AFP

L'ancien commandant musulman de Srebrenica Naser Oric acquitté en appel au TPI

jeudi 3 jui, 13 h 49

LA HAYE (AFP) - L'ancien commandant de l'armée bosniaque Naser Oric, l'un des rares Musulmans de Bosnie à être jugés par le Tribunal pénal international (TPI) pour l'ex-Yougoslavie, "héros" de Srebrenica pour sa communauté, a été acquitté définitivement jeudi en appel.

"La chambre d'appel annule le jugement (de la chambre de première instance) et déclare l'accusé non coupable", a déclaré le président Wolfgang Schomburg.

En juin 2006, en première instance, Naser Oric, 41 ans, avait été reconnu coupable de crimes de guerre pour n'avoir pas tenté de prévenir des mauvais traitements et meurtres commis contre la population serbe, alors qu'il avait eu connaissance de meurtres antérieurs.

Pour nombre de Bosniaques musulmans, il incarne la résistance à la persécution serbe, et des poèmes populaires sont encore chantés à sa gloire.

En première instance, il avait été jugé coupable pour des exactions commises en 1992 et 1993 par des hommes sous ses ordres contre des Serbes, en pleine guerre de Bosnie (1992-1995), et condamné à deux ans de prison.

Il avait cependant été remis en liberté immédiatement, après plus de trois ans en détention préventive.

Les juges avaient reconnu d'importantes circonstances atténuantes à ce commandant inexpérimenté, désigné à ce poste à 25 ans, en pleine tourmente, et avaient insisté sur les conditions de vie difficiles des milliers de Musulmans réfugiés à Srebrenica après le début de l'offensive serbe en 1992.

Des associations de victimes et d'anciens combattants serbes bosniaques ont crié jeudi leur déception, accusant le TPI de "partialité".

"Honte aux juges du tribunal de la Haye qui ont prononcé ce verdict", s'est exclamé Pantelija Curguz, président d'une association d'anciens combattants serbes bosniaques.

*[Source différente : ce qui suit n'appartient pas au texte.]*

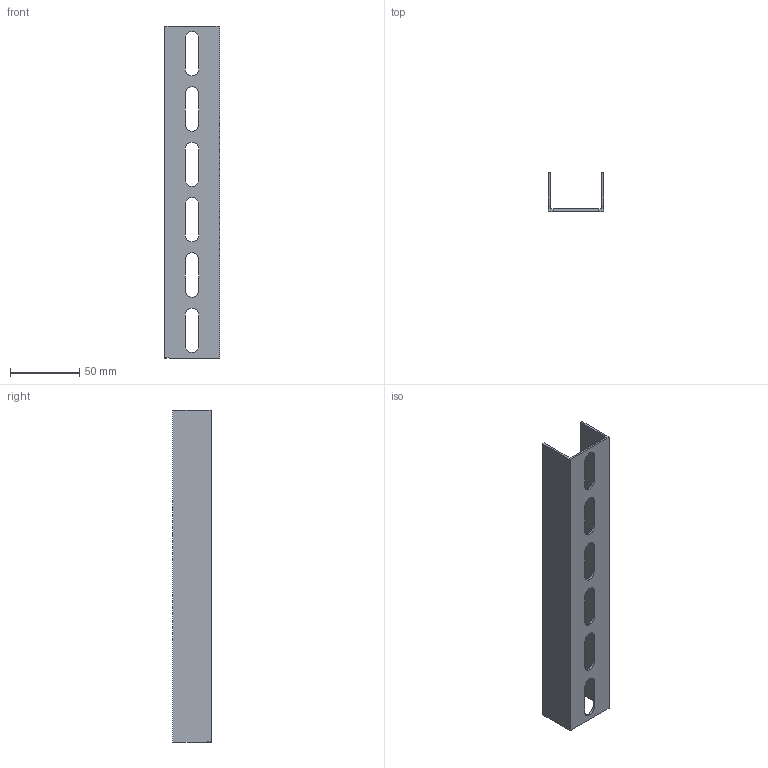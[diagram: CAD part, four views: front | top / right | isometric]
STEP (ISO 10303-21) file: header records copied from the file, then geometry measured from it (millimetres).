
FILE_DESCRIPTION(/* description */ (''),/* implementation_level */ '2;1');
FILE_NAME(/* name */ 'SLP30-45.ipt.stp',/* time_stamp */ '2023-05-18T11:25:16+03:00',/* author */ ('Man88'),/* organization */ (''),/* preprocessor_version */ 'ST-DEVELOPER v19.2',/* originating_system */ 'Autodesk Inventor 2023',/* authorisation */ '');
FILE_SCHEMA (('AUTOMOTIVE_DESIGN { 1 0 10303 214 3 1 1 }'));
Length unit declared in the file: millimetre
Products named in the file (1): Соединитель швеллера 
30-45
Bounding box: 39.92 x 27.96 x 240 mm (x, y, z)
Volume: 30738.9 mm3; surface area: 42662.4 mm2
Topology: 1 solids, 1 shells, 42 faces, 120 edges, 80 vertices
Faces by surface type: plane 30, cylinder 12
Entity records: 1486 total; most frequent: CARTESIAN_POINT 243, ORIENTED_EDGE 240, DIRECTION 230, EDGE_CURVE 120, LINE 96, VECTOR 96, VERTEX_POINT 80, AXIS2_PLACEMENT_3D 67
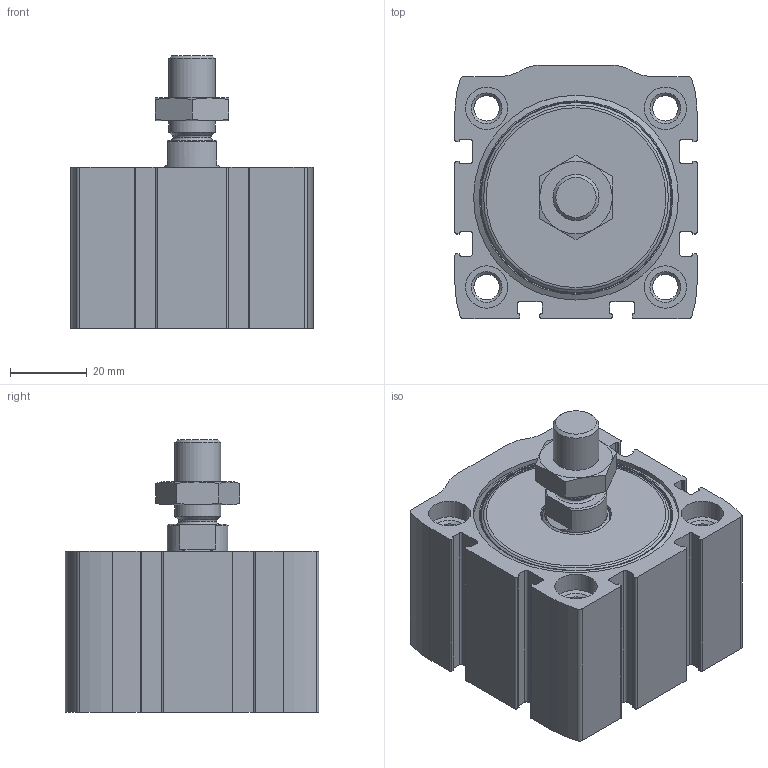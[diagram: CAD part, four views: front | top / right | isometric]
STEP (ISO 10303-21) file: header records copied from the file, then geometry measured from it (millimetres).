
FILE_DESCRIPTION(/* description */ ('STEP AP214'),/* implementation_level */ '2;1');
FILE_NAME(/* name */ '8092153_AEN-S-50-10-A-P-A',/* time_stamp */ '2024-08-02T18:24:55+02:00',/* author */ ('License CC BY-ND 4.0'),/* organization */ ('CADENAS'),/* preprocessor_version */ 'ST-DEVELOPER v19.3',/* originating_system */ 'PARTsolutions',/* authorisation */ ' ');
FILE_SCHEMA (('AUTOMOTIVE_DESIGN {1 0 10303 214 3 1 1}'));
Length unit declared in the file: millimetre
Products named in the file (4): 8092153 AEN-S-50-10-A-P-A---(0_high); 8084848 AEN-S-50-10-A-P-A---(highH); 8084848 AEN-S-50-10-A-P-A---(highP); DIN-439-B - M12x1.25(F)
Assembly tree (3 placements, depth 2):
  8092153 AEN-S-50-10-A-P-A---(0_high)
    8084848 AEN-S-50-10-A-P-A---(highH)
    8084848 AEN-S-50-10-A-P-A---(highP)
    DIN-439-B - M12x1.25(F)
Bounding box: 63 x 66 x 71 mm (x, y, z)
Volume: 140510.6 mm3; surface area: 41062 mm2
Topology: 3 solids, 3 shells, 198 faces, 501 edges, 326 vertices
Faces by surface type: plane 87, cylinder 83, cone 22, torus 6
Full cylindrical faces by diameter (mm): 4 x1, 6.647 x4, 8.566 x1, 9.8 x1, 10.647 x1, 11 x8, 12 x1, 16 x2, 18.1 x1, 50 x2, 53.3 x1
Entity records: 5867 total; most frequent: DIRECTION 1034, CARTESIAN_POINT 1034, ORIENTED_EDGE 898, EDGE_CURVE 449, AXIS2_PLACEMENT_3D 399, VERTEX_POINT 323, EDGE_LOOP 274, FACE_BOUND 274
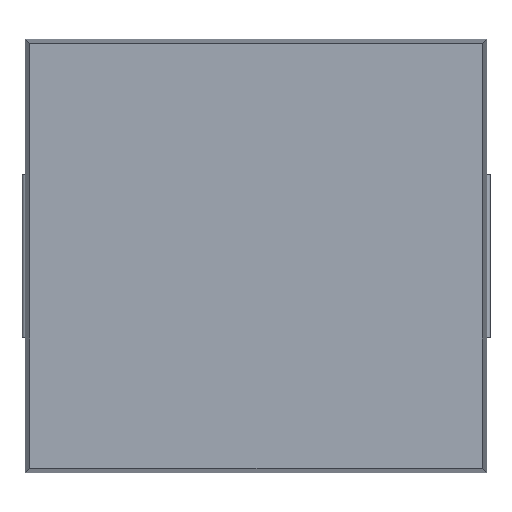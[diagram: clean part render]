
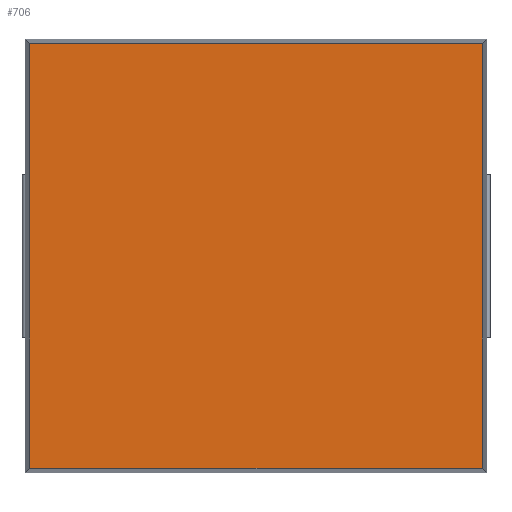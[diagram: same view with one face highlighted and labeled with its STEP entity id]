
A CAD part, top view. The second image highlights one B-rep face of the part: STEP entity #706.
In plain terms, the highlighted planar face has unit normal (0, 0, 1).
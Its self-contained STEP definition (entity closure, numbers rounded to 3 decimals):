
#145 = PLANE('',#146);
#146 = AXIS2_PLACEMENT_3D('',#147,#148,#149);
#147 = CARTESIAN_POINT('',(-6.589,-6.25,3.658));
#148 = DIRECTION('',(0.999,0.,-0.046));
#149 = DIRECTION('',(0.,1.,0.));
#231 = PLANE('',#232);
#232 = AXIS2_PLACEMENT_3D('',#233,#234,#235);
#233 = CARTESIAN_POINT('',(-6.65,-6.189,3.658));
#234 = DIRECTION('',(0.,0.999,-0.046));
#235 = DIRECTION('',(-1.,-0.,-0.));
#328 = VERTEX_POINT('',#329);
#329 = CARTESIAN_POINT('',(-6.528,-6.128,5.));
#352 = VERTEX_POINT('',#353);
#353 = CARTESIAN_POINT('',(-6.528,6.128,5.));
#367 = PLANE('',#368);
#368 = AXIS2_PLACEMENT_3D('',#369,#370,#371);
#369 = CARTESIAN_POINT('',(-6.65,6.189,3.658));
#370 = DIRECTION('',(0.,0.999,0.046));
#371 = DIRECTION('',(-1.,-0.,0.));
#379 = EDGE_CURVE('',#328,#352,#380,.T.);
#380 = SURFACE_CURVE('',#381,(#385,#392),.PCURVE_S1.);
#381 = LINE('',#382,#383);
#382 = CARTESIAN_POINT('',(-6.528,-6.25,5.));
#383 = VECTOR('',#384,1.);
#384 = DIRECTION('',(0.,1.,0.));
#385 = PCURVE('',#145,#386);
#386 = DEFINITIONAL_REPRESENTATION('',(#387),#391);
#387 = LINE('',#388,#389);
#388 = CARTESIAN_POINT('',(0.,1.344));
#389 = VECTOR('',#390,1.);
#390 = DIRECTION('',(1.,0.));
#391 = ( GEOMETRIC_REPRESENTATION_CONTEXT(2) 
PARAMETRIC_REPRESENTATION_CONTEXT() REPRESENTATION_CONTEXT('2D SPACE',''
  ) );
#392 = PCURVE('',#393,#398);
#393 = PLANE('',#394);
#394 = AXIS2_PLACEMENT_3D('',#395,#396,#397);
#395 = CARTESIAN_POINT('',(-6.65,-6.25,5.));
#396 = DIRECTION('',(0.,0.,1.));
#397 = DIRECTION('',(1.,0.,0.));
#398 = DEFINITIONAL_REPRESENTATION('',(#399),#403);
#399 = LINE('',#400,#401);
#400 = CARTESIAN_POINT('',(0.123,0.));
#401 = VECTOR('',#402,1.);
#402 = DIRECTION('',(0.,1.));
#403 = ( GEOMETRIC_REPRESENTATION_CONTEXT(2) 
PARAMETRIC_REPRESENTATION_CONTEXT() REPRESENTATION_CONTEXT('2D SPACE',''
  ) );
#521 = PLANE('',#522);
#522 = AXIS2_PLACEMENT_3D('',#523,#524,#525);
#523 = CARTESIAN_POINT('',(6.589,-6.25,3.658));
#524 = DIRECTION('',(0.999,0.,0.046));
#525 = DIRECTION('',(-0.,1.,0.));
#588 = VERTEX_POINT('',#589);
#589 = CARTESIAN_POINT('',(6.528,-6.128,5.));
#610 = EDGE_CURVE('',#328,#588,#611,.T.);
#611 = SURFACE_CURVE('',#612,(#616,#623),.PCURVE_S1.);
#612 = LINE('',#613,#614);
#613 = CARTESIAN_POINT('',(-6.65,-6.128,5.));
#614 = VECTOR('',#615,1.);
#615 = DIRECTION('',(1.,0.,0.));
#616 = PCURVE('',#231,#617);
#617 = DEFINITIONAL_REPRESENTATION('',(#618),#622);
#618 = LINE('',#619,#620);
#619 = CARTESIAN_POINT('',(-0.,1.344));
#620 = VECTOR('',#621,1.);
#621 = DIRECTION('',(-1.,0.));
#622 = ( GEOMETRIC_REPRESENTATION_CONTEXT(2) 
PARAMETRIC_REPRESENTATION_CONTEXT() REPRESENTATION_CONTEXT('2D SPACE',''
  ) );
#623 = PCURVE('',#393,#624);
#624 = DEFINITIONAL_REPRESENTATION('',(#625),#629);
#625 = LINE('',#626,#627);
#626 = CARTESIAN_POINT('',(0.,0.123));
#627 = VECTOR('',#628,1.);
#628 = DIRECTION('',(1.,0.));
#629 = ( GEOMETRIC_REPRESENTATION_CONTEXT(2) 
PARAMETRIC_REPRESENTATION_CONTEXT() REPRESENTATION_CONTEXT('2D SPACE',''
  ) );
#706 = ADVANCED_FACE('',(#707),#393,.T.);
#707 = FACE_BOUND('',#708,.T.);
#708 = EDGE_LOOP('',(#709,#710,#711,#734));
#709 = ORIENTED_EDGE('',*,*,#379,.F.);
#710 = ORIENTED_EDGE('',*,*,#610,.T.);
#711 = ORIENTED_EDGE('',*,*,#712,.T.);
#712 = EDGE_CURVE('',#588,#713,#715,.T.);
#713 = VERTEX_POINT('',#714);
#714 = CARTESIAN_POINT('',(6.528,6.128,5.));
#715 = SURFACE_CURVE('',#716,(#720,#727),.PCURVE_S1.);
#716 = LINE('',#717,#718);
#717 = CARTESIAN_POINT('',(6.528,-6.25,5.));
#718 = VECTOR('',#719,1.);
#719 = DIRECTION('',(0.,1.,0.));
#720 = PCURVE('',#393,#721);
#721 = DEFINITIONAL_REPRESENTATION('',(#722),#726);
#722 = LINE('',#723,#724);
#723 = CARTESIAN_POINT('',(13.178,0.));
#724 = VECTOR('',#725,1.);
#725 = DIRECTION('',(0.,1.));
#726 = ( GEOMETRIC_REPRESENTATION_CONTEXT(2) 
PARAMETRIC_REPRESENTATION_CONTEXT() REPRESENTATION_CONTEXT('2D SPACE',''
  ) );
#727 = PCURVE('',#521,#728);
#728 = DEFINITIONAL_REPRESENTATION('',(#729),#733);
#729 = LINE('',#730,#731);
#730 = CARTESIAN_POINT('',(0.,1.344));
#731 = VECTOR('',#732,1.);
#732 = DIRECTION('',(1.,0.));
#733 = ( GEOMETRIC_REPRESENTATION_CONTEXT(2) 
PARAMETRIC_REPRESENTATION_CONTEXT() REPRESENTATION_CONTEXT('2D SPACE',''
  ) );
#734 = ORIENTED_EDGE('',*,*,#735,.F.);
#735 = EDGE_CURVE('',#352,#713,#736,.T.);
#736 = SURFACE_CURVE('',#737,(#741,#748),.PCURVE_S1.);
#737 = LINE('',#738,#739);
#738 = CARTESIAN_POINT('',(-6.65,6.128,5.));
#739 = VECTOR('',#740,1.);
#740 = DIRECTION('',(1.,0.,0.));
#741 = PCURVE('',#393,#742);
#742 = DEFINITIONAL_REPRESENTATION('',(#743),#747);
#743 = LINE('',#744,#745);
#744 = CARTESIAN_POINT('',(0.,12.378));
#745 = VECTOR('',#746,1.);
#746 = DIRECTION('',(1.,0.));
#747 = ( GEOMETRIC_REPRESENTATION_CONTEXT(2) 
PARAMETRIC_REPRESENTATION_CONTEXT() REPRESENTATION_CONTEXT('2D SPACE',''
  ) );
#748 = PCURVE('',#367,#749);
#749 = DEFINITIONAL_REPRESENTATION('',(#750),#754);
#750 = LINE('',#751,#752);
#751 = CARTESIAN_POINT('',(-0.,1.344));
#752 = VECTOR('',#753,1.);
#753 = DIRECTION('',(-1.,0.));
#754 = ( GEOMETRIC_REPRESENTATION_CONTEXT(2) 
PARAMETRIC_REPRESENTATION_CONTEXT() REPRESENTATION_CONTEXT('2D SPACE',''
  ) );
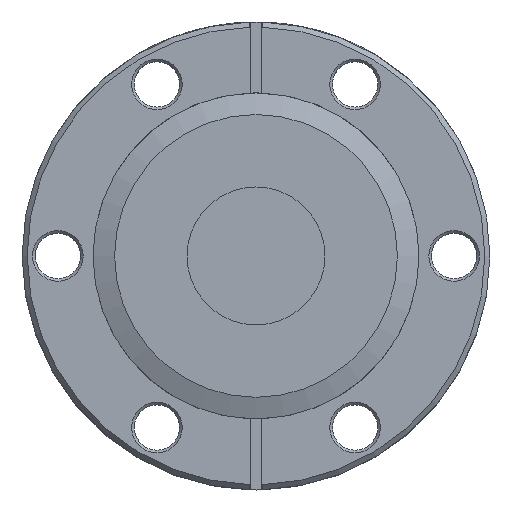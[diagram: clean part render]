
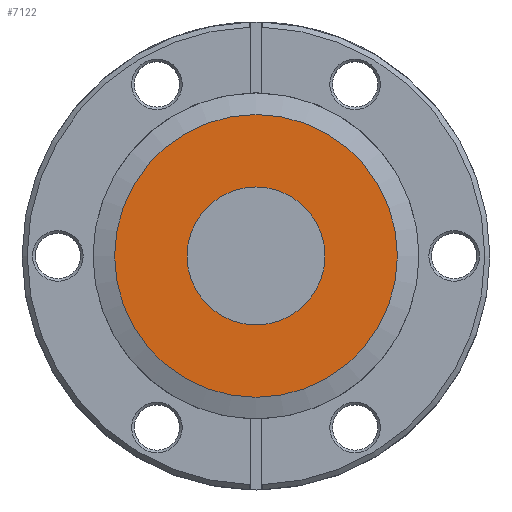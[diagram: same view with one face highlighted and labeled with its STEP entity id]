
A CAD part, top view. The second image highlights one B-rep face of the part: STEP entity #7122.
In plain terms, the highlighted planar face has unit normal (0, 0, 1).
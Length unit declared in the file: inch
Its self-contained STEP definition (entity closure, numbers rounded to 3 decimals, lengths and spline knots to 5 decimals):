
#1763=PLANE('',#7563);
#1876=VERTEX_POINT('',#8903);
#1924=VERTEX_POINT('',#9356);
#2626=CIRCLE('',#7523,0.4025);
#2647=CIRCLE('',#7564,0.825);
#2791=EDGE_CURVE('',#1876,#1876,#2626,.T.);
#2857=EDGE_CURVE('',#1924,#1924,#2647,.T.);
#3998=ORIENTED_EDGE('',*,*,#2791,.T.);
#3999=ORIENTED_EDGE('',*,*,#2857,.T.);
#6144=EDGE_LOOP('',(#3998));
#6145=EDGE_LOOP('',(#3999));
#6640=FACE_BOUND('',#6144,.T.);
#6641=FACE_BOUND('',#6145,.T.);
#7122=ADVANCED_FACE('',(#6640,#6641),#1763,.F.);
#7523=AXIS2_PLACEMENT_3D('',#8902,#7876,#7877);
#7563=AXIS2_PLACEMENT_3D('',#9354,#7958,$);
#7564=AXIS2_PLACEMENT_3D('',#9355,#7959,#7960);
#7876=DIRECTION('',(0.,0.,-1.));
#7877=DIRECTION('',(0.403,0.,0.));
#7958=DIRECTION('',(0.,0.,-1.));
#7959=DIRECTION('',(0.,0.,1.));
#7960=DIRECTION('',(-0.825,0.,0.));
#8902=CARTESIAN_POINT('',(0.,0.,-0.051));
#8903=CARTESIAN_POINT('',(0.4025,0.,-0.051));
#9354=CARTESIAN_POINT('',(-0.4125,0.,-0.051));
#9355=CARTESIAN_POINT('',(0.,0.,-0.051));
#9356=CARTESIAN_POINT('',(-0.825,0.,-0.051));
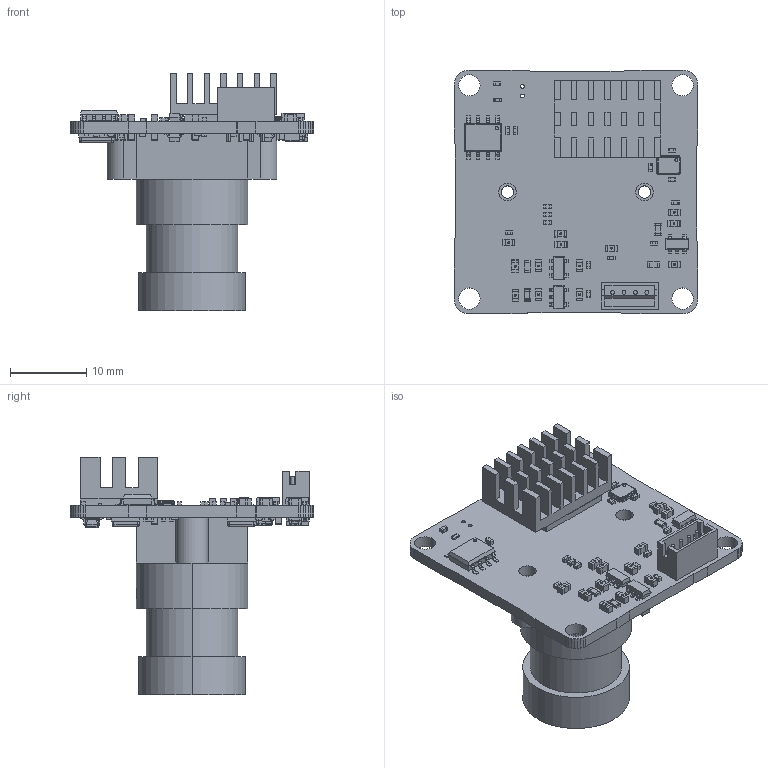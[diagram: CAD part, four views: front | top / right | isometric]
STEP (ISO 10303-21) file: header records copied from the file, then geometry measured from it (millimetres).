
FILE_DESCRIPTION (( 'STEP AP214' ), '1' );
FILE_NAME ('B0576.STEP', '2025-11-11T08:24:13', ( '' ), ( '' ), 'SwSTEP 2.0', 'SolidWorks 2021', '' );
FILE_SCHEMA (( 'AUTOMOTIVE_DESIGN' ));
Length unit declared in the file: millimetre
Products named in the file (1): B0576
Bounding box: 32 x 32 x 31.23 mm (x, y, z)
Volume: 6084.9 mm3; surface area: 6469 mm2
Topology: 212 solids, 212 shells, 4330 faces, 10295 edges, 6140 vertices
Faces by surface type: plane 2761, cylinder 931, sphere 360, bspline 266, torus 12
Entity records: 184931 total; most frequent: CARTESIAN_POINT 39754, ORIENTED_EDGE 19870, DIRECTION 19367, EDGE_CURVE 9935, VECTOR 7509, LINE 7509, VERTEX_POINT 6140, AXIS2_PLACEMENT_3D 5929
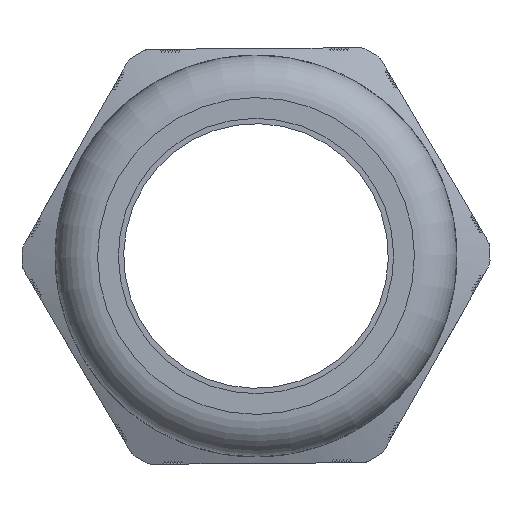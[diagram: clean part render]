
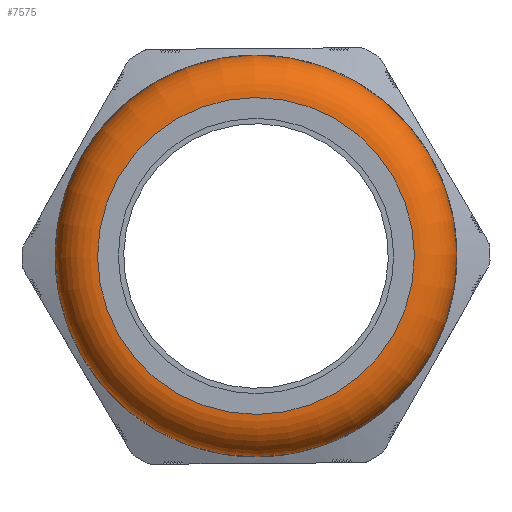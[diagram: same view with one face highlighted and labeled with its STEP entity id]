
A CAD part, left-side view. The second image highlights one B-rep face of the part: STEP entity #7575.
In plain terms, the highlighted toroidal (fillet/blend) face has major radius 22.9 mm and minor radius 6.15 mm.
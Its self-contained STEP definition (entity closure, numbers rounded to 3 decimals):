
#32=TOROIDAL_SURFACE('',#8017,22.9,6.15);
#419=FACE_BOUND('',#1239,.T.);
#821=FACE_OUTER_BOUND('',#1238,.T.);
#1238=EDGE_LOOP('',(#6145));
#1239=EDGE_LOOP('',(#6146));
#2901=CIRCLE('',#8016,22.91);
#2902=CIRCLE('',#8018,29.05);
#3451=VERTEX_POINT('',#16643);
#3452=VERTEX_POINT('',#16646);
#4422=EDGE_CURVE('',#3451,#3451,#2901,.T.);
#4423=EDGE_CURVE('',#3452,#3452,#2902,.T.);
#6145=ORIENTED_EDGE('',*,*,#4423,.F.);
#6146=ORIENTED_EDGE('',*,*,#4422,.T.);
#7575=ADVANCED_FACE('',(#821,#419),#32,.T.);
#8016=AXIS2_PLACEMENT_3D('',#16644,#9166,#9167);
#8017=AXIS2_PLACEMENT_3D('',#16645,#9168,#9169);
#8018=AXIS2_PLACEMENT_3D('',#16647,#9170,#9171);
#9166=DIRECTION('center_axis',(1.,0.,0.));
#9167=DIRECTION('ref_axis',(0.,0.,-1.));
#9168=DIRECTION('center_axis',(1.,0.,0.));
#9169=DIRECTION('ref_axis',(0.,0.,-1.));
#9170=DIRECTION('center_axis',(1.,0.,0.));
#9171=DIRECTION('ref_axis',(0.,0.,-1.));
#16643=CARTESIAN_POINT('',(-31.,22.91,0.));
#16644=CARTESIAN_POINT('Origin',(-31.,0.,0.));
#16645=CARTESIAN_POINT('Origin',(-24.85,0.,0.));
#16646=CARTESIAN_POINT('',(-24.85,29.05,0.));
#16647=CARTESIAN_POINT('Origin',(-24.85,0.,0.));

"Par cette approche (du TPI), on ne pourra pas aboutir à la réconciliation et à une vie commune en Bosnie", a affirmé Rajko Vasic, un haut responsable du SNSD, parti au pouvoir dans l'entité serbe de Bosnie.

Pour les survivants au génocide, c'est au contraire "une bonne chose et une petite part de justice", a estimé Munira Subasic, présidente d'une association de femmes musulmanes de Srebrenica.

La Serbie s'est indignée, estimant que l'acquittement de M. Oric "représente un nouveau coup très sérieux à la justice internationale", selon le Conseil national serbe pour la coopération avec le TPI.

Le TPI accuse la Serbie de manque de coopération avec le TPI, qui réclame encore trois accusés, dont l'ancien chef militaire des Serbes de Bosnie Ratko Mladic, et son mentor politique Radovan Karadzic.

M. Oric avait plaidé non coupable et fait appel du jugement de la chambre de première instance, tout comme le procureur, qui avait requis 18 ans de prison.

En entendant la décision de la chambre, M. Oric a souri. A la sortie de la salle d'audience, il s'est dit "très heureux, bien sûr".

"Nous nous y attendions, comme tous ceux qui ont suivi le procès", a-t-il poursuivi, défendant les actes de ses hommes.

"Nous étions totalement assiégés. Nous nous battions pour survivre, pour rester en vie. C'est incomparable avec d'autres événements, car nous vivions dans des circonstances spéciales", a-t-il expliqué.

Selon les juges de la chambre d'appel, le procureur n'est pas parvenu à déterminer la culpabilité de son seul adjoint identifié, Atif Krdzic, ou à prouver que M. Oric était au courant des crimes commis.

Or, selon les juges, ces deux éléments sont essentiels pour condamner un supérieur pour les actes de ses subordonnés.

Selon la chambre d'appel, il n'y a cependant pas de doutes que des crimes graves ont été commis contre des Serbes détenus à Srebrenica, mais "la preuve que ces crimes ont été commis ne suffit pas pour condamner une personne pour ces crimes", ont estimé les juges.

En juillet, Srebrenica fut le théâtre d'un génocide qui coûta la vie à quelque 8.000 hommes et garçons musulmans, massacrés par les troupes serbes.

En 1992, la ville avait été submergée par des milliers de réfugiés musulmans fuyant l'offensive serbe. La ville avait été coupée du monde et l'approvisionnement en nourriture et médicaments avait été réduit au minimum.